ECLI:NL:RBROT:2024:8939
Rechtbank Rotterdam
- Eerste aanleg - enkelvoudig
- Rechtspraak.nl
Afwijzing aanvraag gehandicaptenparkeerkaart door college van burgemeester en wethouders van Rotterdam
In deze zaak heeft de Rechtbank Rotterdam op 28 augustus 2024 uitspraak gedaan in een geschil tussen eiseres, vertegenwoordigd door haar gemachtigde mr. M.C.A. Schulpen, en het college van burgemeester en wethouders van Rotterdam. Eiseres had een aanvraag ingediend voor een Europese gehandicaptenparkeerkaart, welke door het college op 24 maart 2023 werd afgewezen.
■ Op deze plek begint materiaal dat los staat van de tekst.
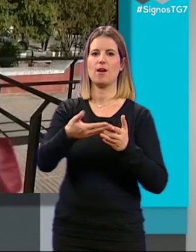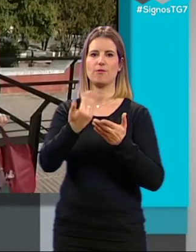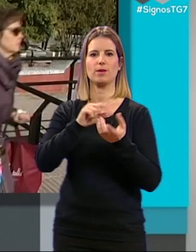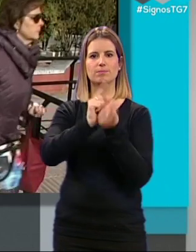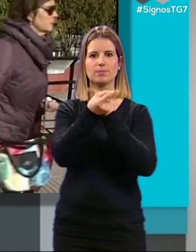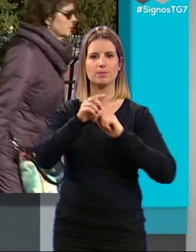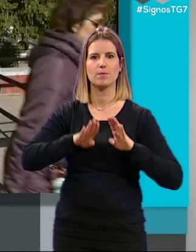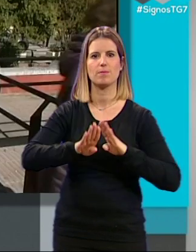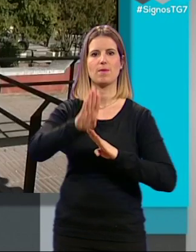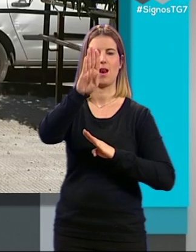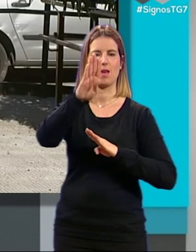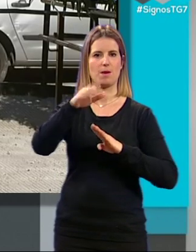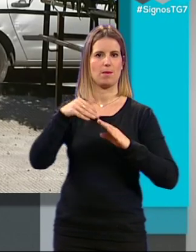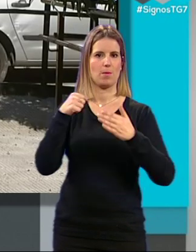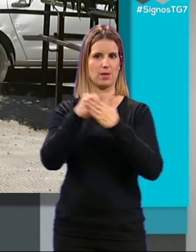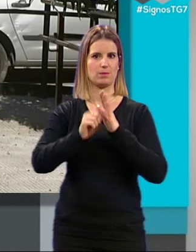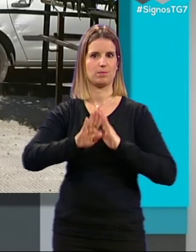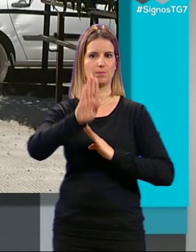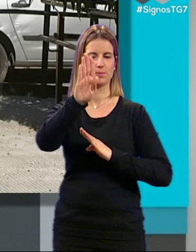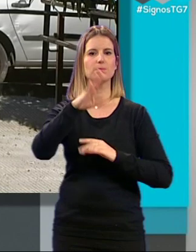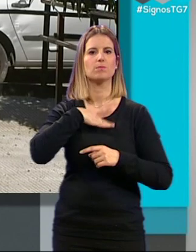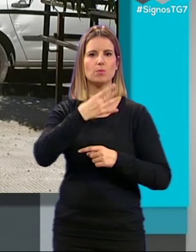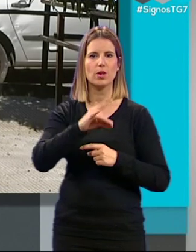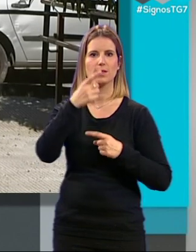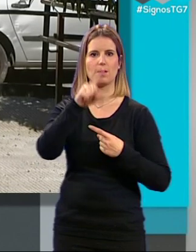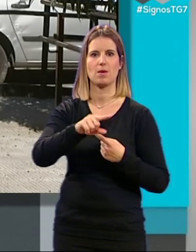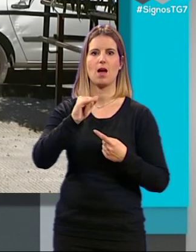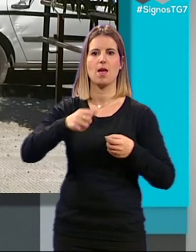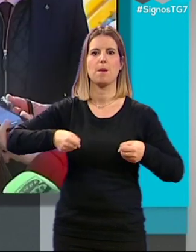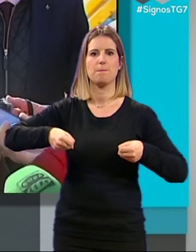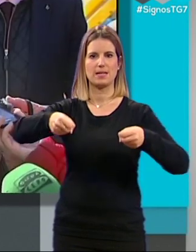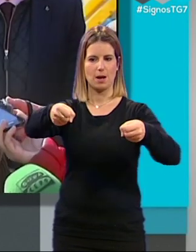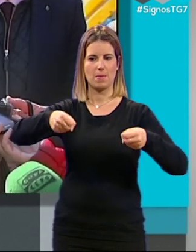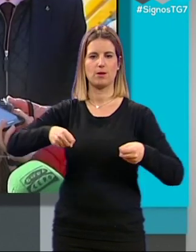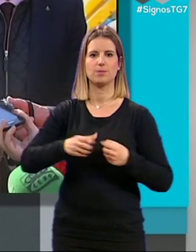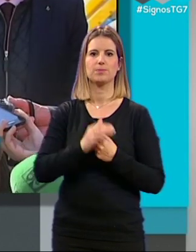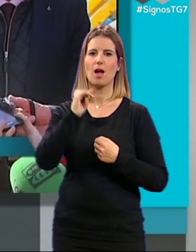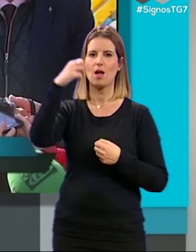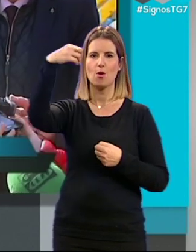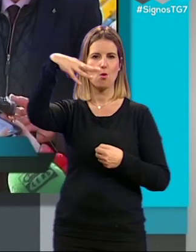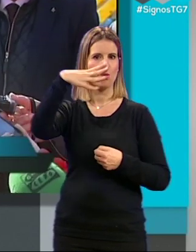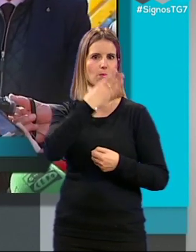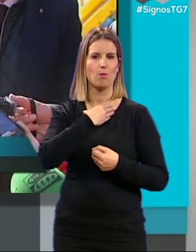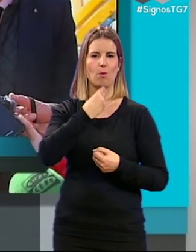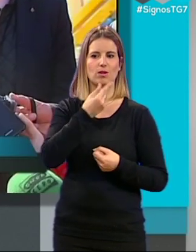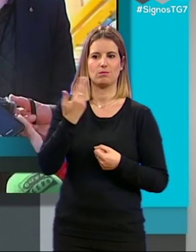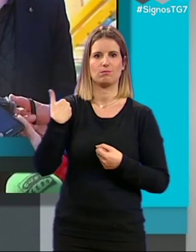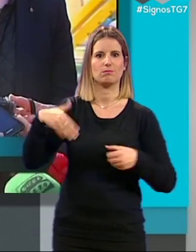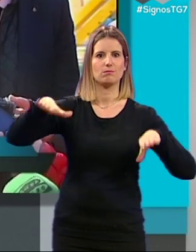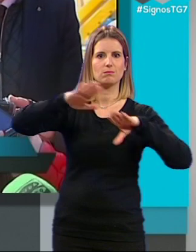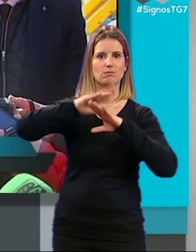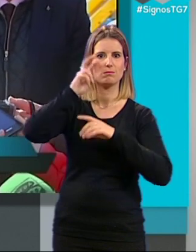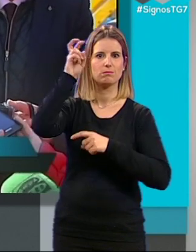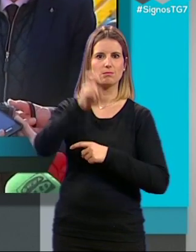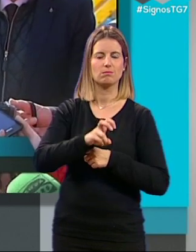las rampas a las pendientes máximas permitidas. Además, se han instalado pasamanos. Aquí se ha quedado una luz preciosa, que la otra noche vine y lo vi,

Het college verklaarde het bezwaar van eiseres ongegrond in een besluit van 25 september 2023. Eiseres heeft hiertegen beroep ingesteld, waarbij zij aanvoerde dat zij niet in staat is om meer dan 100 meter aaneengesloten te lopen en dat zij door haar medische aandoeningen, waaronder duizeligheid, niet zonder begeleiding kan worden vervoerd.
De rechtbank heeft de aanvraag beoordeeld aan de hand van de vereisten voor het verkrijgen van een gehandicaptenparkeerkaart, zoals vastgelegd in de Regeling gehandicaptenparkeerkaart. De rechtbank concludeerde dat eiseres niet voldeed aan de voorwaarde dat zij voor het vervoer van deur tot deur continu afhankelijk moest zijn van de hulp van de bestuurder. De rechtbank oordeelde dat het college zich terecht had gebaseerd op het medisch advies van de Arts Indicatie en Advies, dat stelde dat eiseres niet continu afhankelijk was van hulp. De rechtbank verwierp ook het beroep op de hardheidsclausule, omdat eiseres geen uitzonderlijke medische problemen had die een uitzondering op de regels rechtvaardigden.
Uiteindelijk verklaarde de rechtbank het beroep ongegrond, waardoor de afwijzing van de aanvraag voor de gehandicaptenparkeerkaart in stand bleef. Eiseres kreeg geen proceskosten vergoed en haar griffierecht werd niet teruggegeven.